Venturer Questions

I’ve finally handed off ownership of my campaign, because the urge to play ACKS finally overwhelmed me. I rolled a character with an exceptional charisma, so the venturer class naturally appealed, not to mention that it seemed like the most ACKSy class of the lot. (I mean, in what other system would a merchant-centric class be anything but a joke?)

There are just a few things I’m unclear on. Can Venturers cast ritual spells? On one hand, it seems odd to give them 6th level spells but not 4th, but on the other hand, the “Casting Ritual Spells” entry in the corebook says that any arcane caster who hits 11th level can do it.

How does a Venturer’s guild work? It says it works as a thieves guild except as noted, but I don’t actually see any notes. Since you’re not using thieves, are you just relying on your venturers to carouse? I guess if they hear noise as thieves they’re making fairly safe money, but it seems kinda underwhelming.

Or is the implication that they just START with some venturers to give a safe base, and can expand by hiring thieves? Can the low-level venturers be used for anything more interesting than insider trading rumors? I know that if they’re hired for caravans, they’re earning XP only for themselves (Although I suppose mercantile gold would still be solid.)

IANAA, but I think Venturers with the right proficiencies can undertake some of the other hijinks. For example… Smuggling seems like a particularly Venturer-esque thing to do.

IAANAA, but:

  • Venturers do not gain the ability to cast ritual spells. As they start out as 1st level mages at 8th, they’re the equivalent of a 7th level mage at 14th. At 12th (5th level mage) they do get the research spells/scrolls/potions ability.

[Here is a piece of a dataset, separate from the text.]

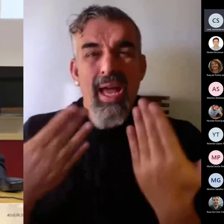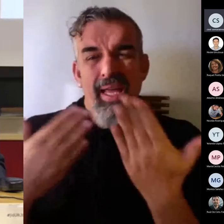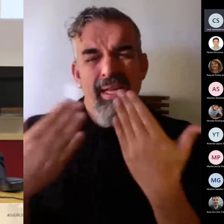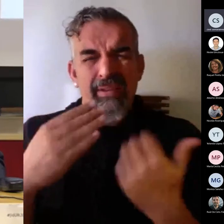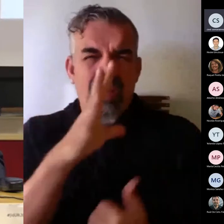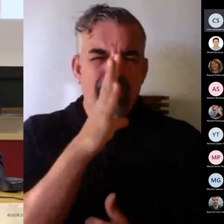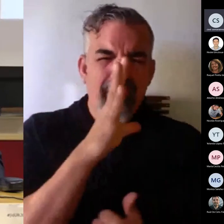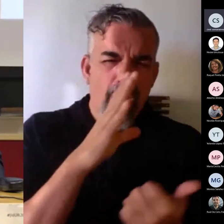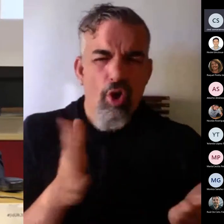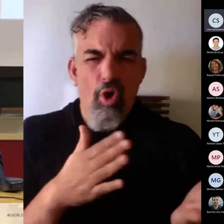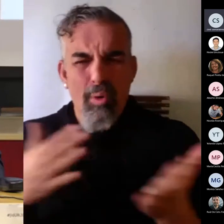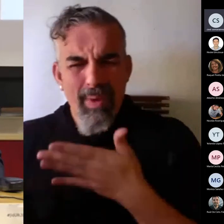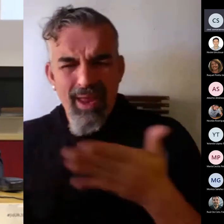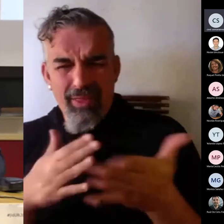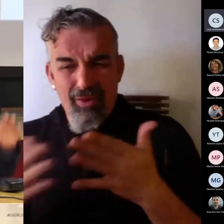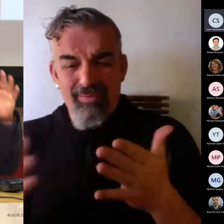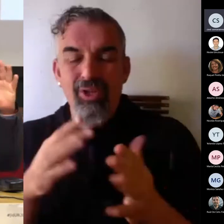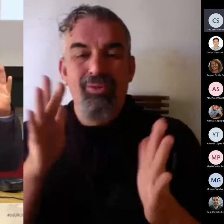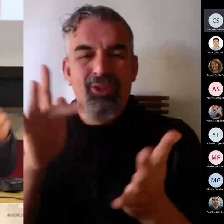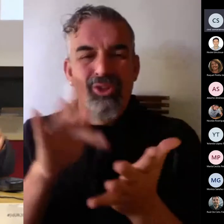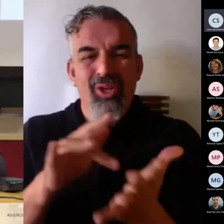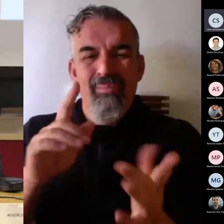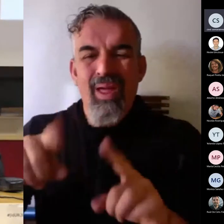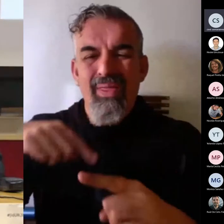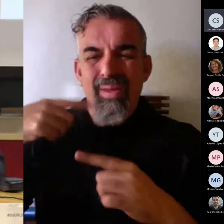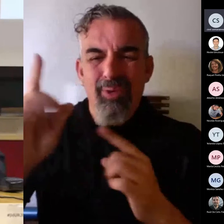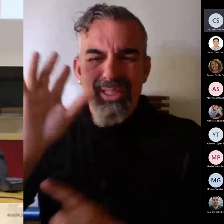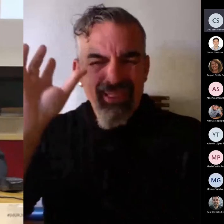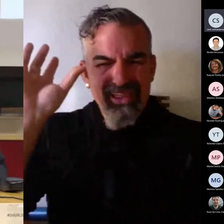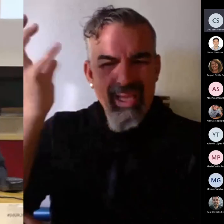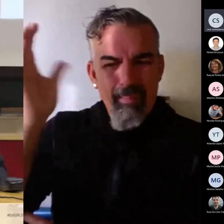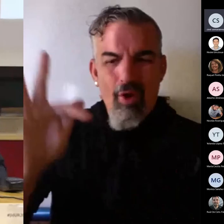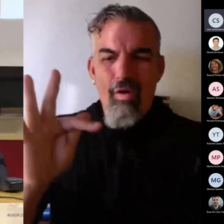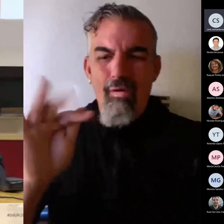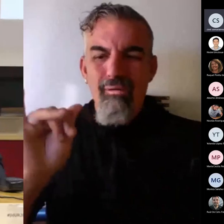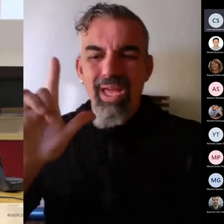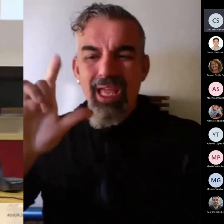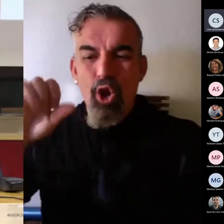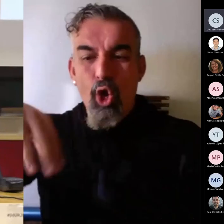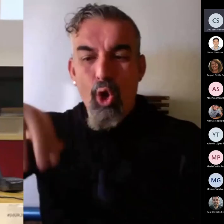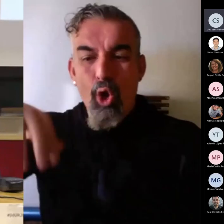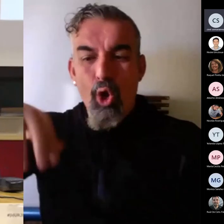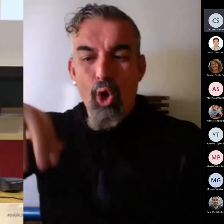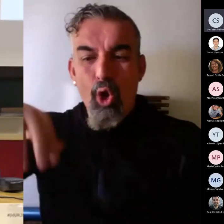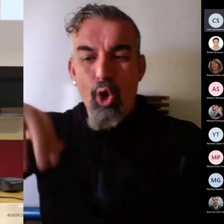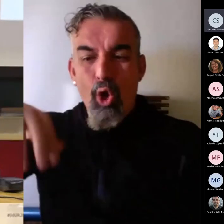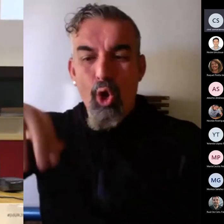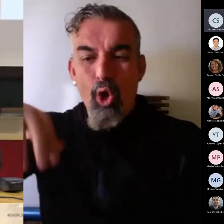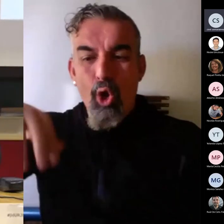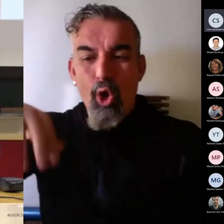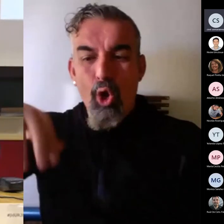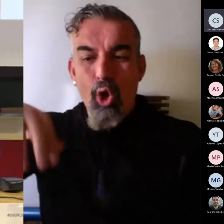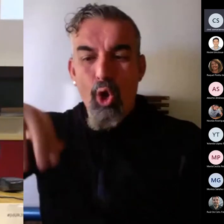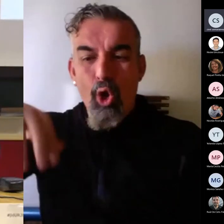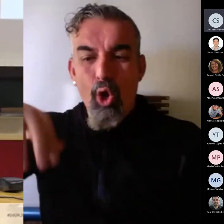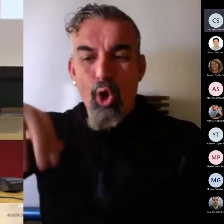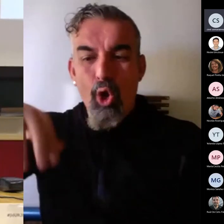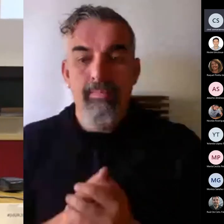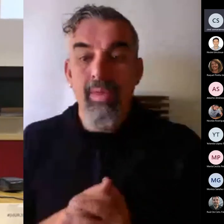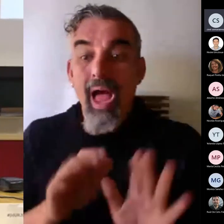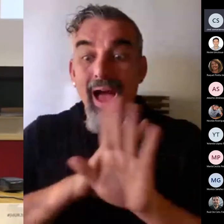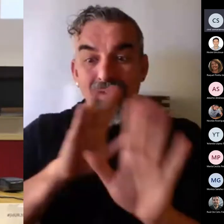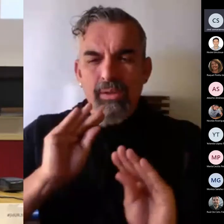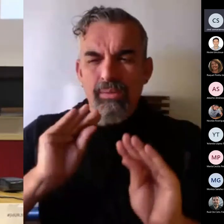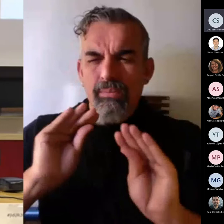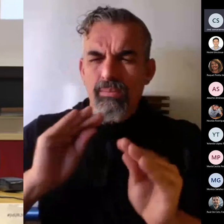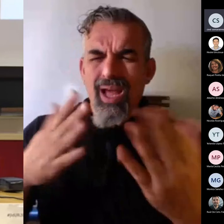es decir, después de Filomena. Así que fue específico. Bueno, pues las respuestas que obtuvimos,

  • I believe the “except as noted” refers to the earlier text where they get venturers as apprentices rather than thieves. And yes, they’d need to hire on syndicate members with the right skills to be able to run all types of hijinks.

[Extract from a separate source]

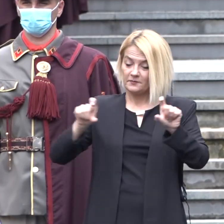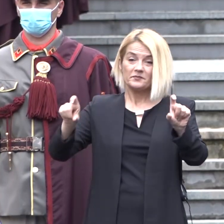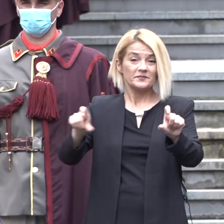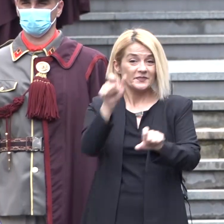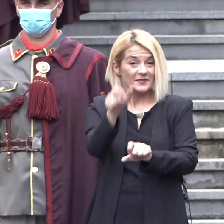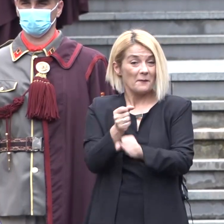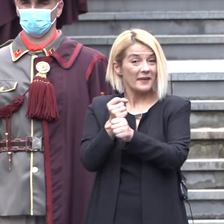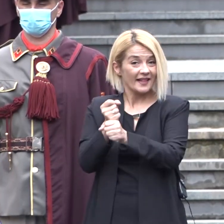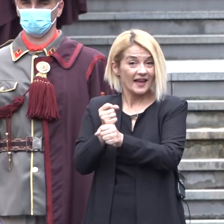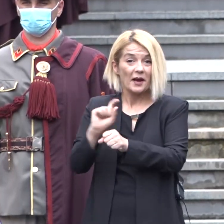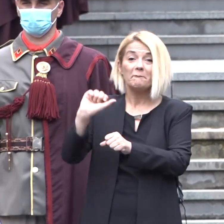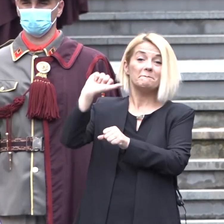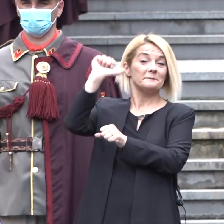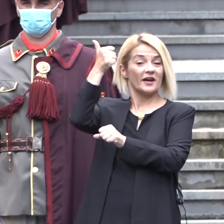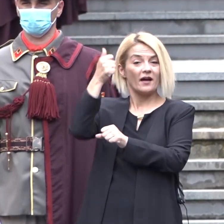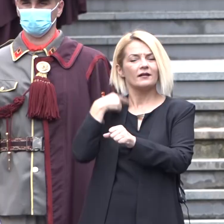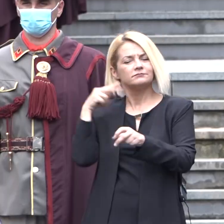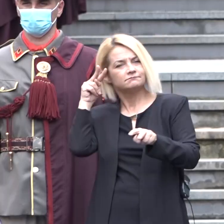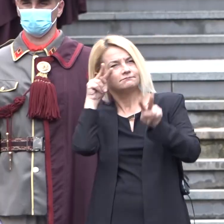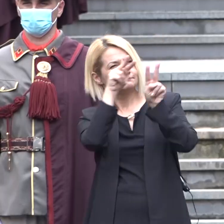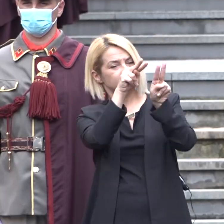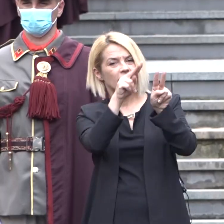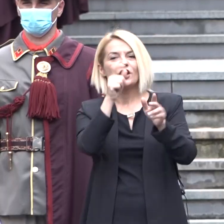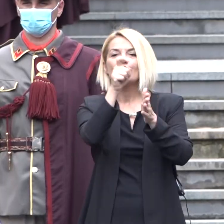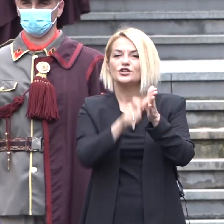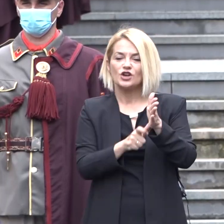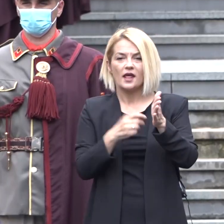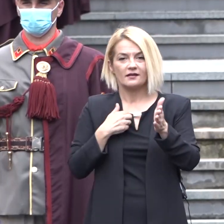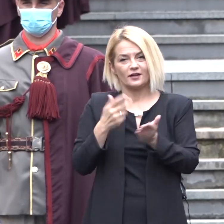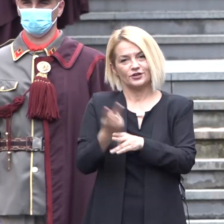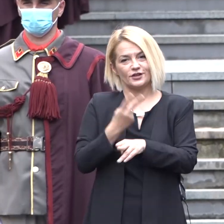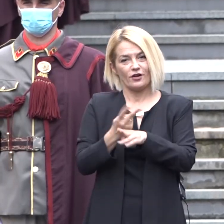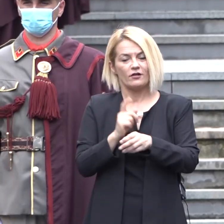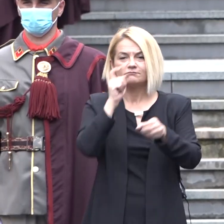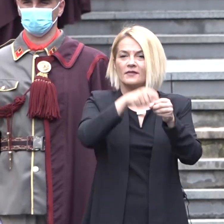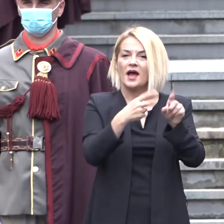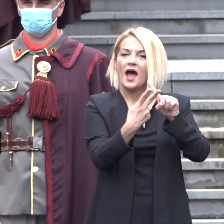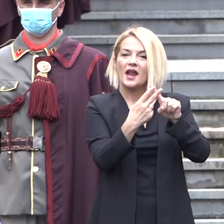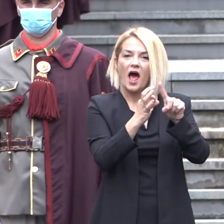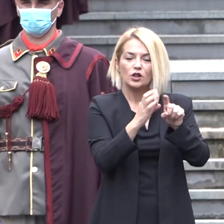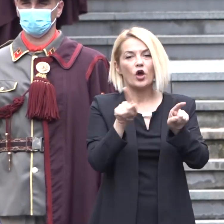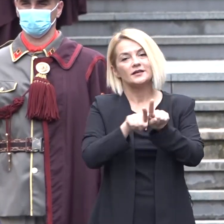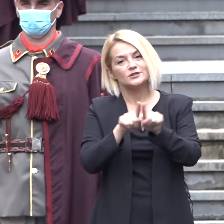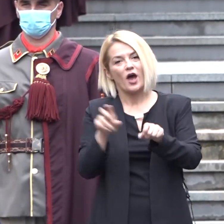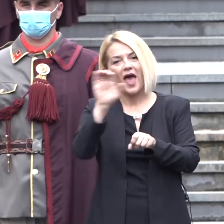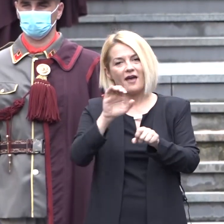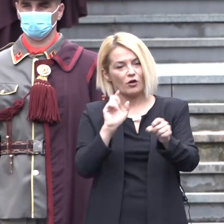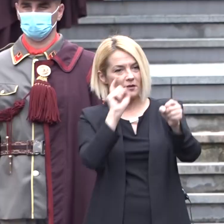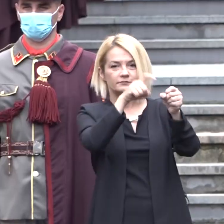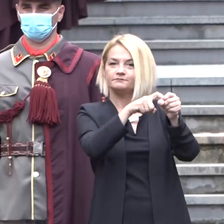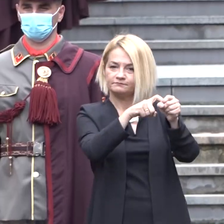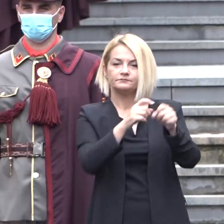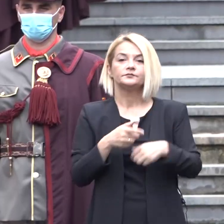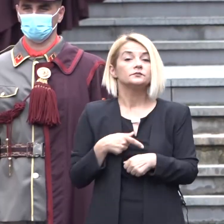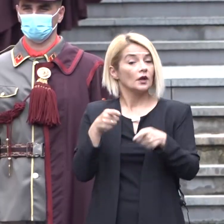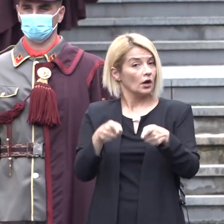едногласна одлука, визионерски се определија за членство на нашата земја и во НАТО, и во Европската Унија. Со тоа

That being said…my looking into a Pirate Stronghold has morphed into a requirement to break down the trade rules into something a little more chunkable. How long before you hit the point where you’re wanting to establish a stronghold?

I’ve got this idea where instead of having the full thieves’ hideout that the Venturer would establish a Company, and would establish Branches rather than sub-syndicates in other markets, and by doing so, would gain themselves a Monopoly on some percentage of the trade between those markets.

Sadly I don’t have a player currently willing to try out the Venturer…but, I’d love to whip something up that could be opined on. I’m at the point now where I’m going to write something up demonstrating my idea on Dwimmermount’s trade routes, though it may still be a few weeks.

It’ll probably be at least two or three sessions before my character is ready to do stronghold stuff, and maybe as many as six or seven sessions, and we run two games a month, so… early April is a reasonable guess?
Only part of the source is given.